Gosh. I don't know how he can do that!! I'm so pissed at him right now. I don't want to talk to him on MSN and text I have decided. Coz even J agrees with me that, when G texts, there are no emotions in them and so it's harder for me to know whether he is joking, serious or angry or whatever. 

Monday, August 17, 2009

Hurtful Words All Over Again.


He's done it again... He's said more of those hurtful words to me... 
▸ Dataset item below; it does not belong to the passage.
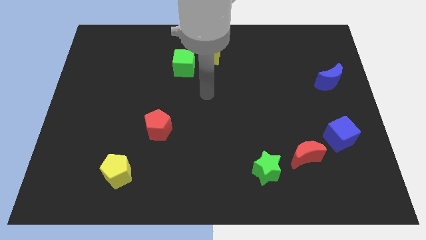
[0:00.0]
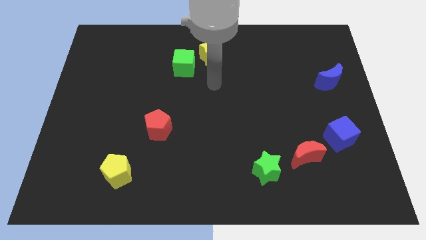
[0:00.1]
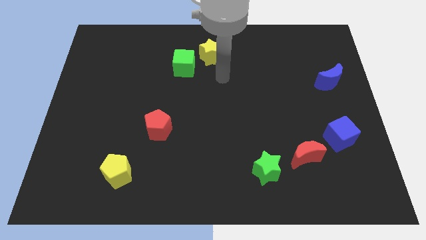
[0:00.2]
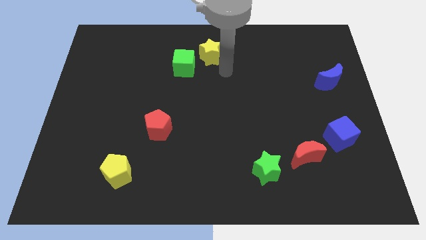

We were talking on MSN yesterday afternoon. He then asked me, if he had ever lied to me about anything. I told him that I didn't know on the spot. I told him to give me some time to think about it. He stupidly responded with '5 minutes?' '10 minutes?' I was like thinking to myself, 'What the hell!? Just leave me alone and stop asking me stupid questions!' But instead, I told him that I needed more than that. He then told me I was annoying, so I said 'Fine. I'll shut up then.' He then said, "Your annoying when u shut up as well." And that totally got me going (crazy). I asked him what he wanted me to do then. He said to let him punch me. I automatically responded with "EFF NO I WILL." He then goes, 'you will?' I mean of course I wouldn't! In his dreams he could. 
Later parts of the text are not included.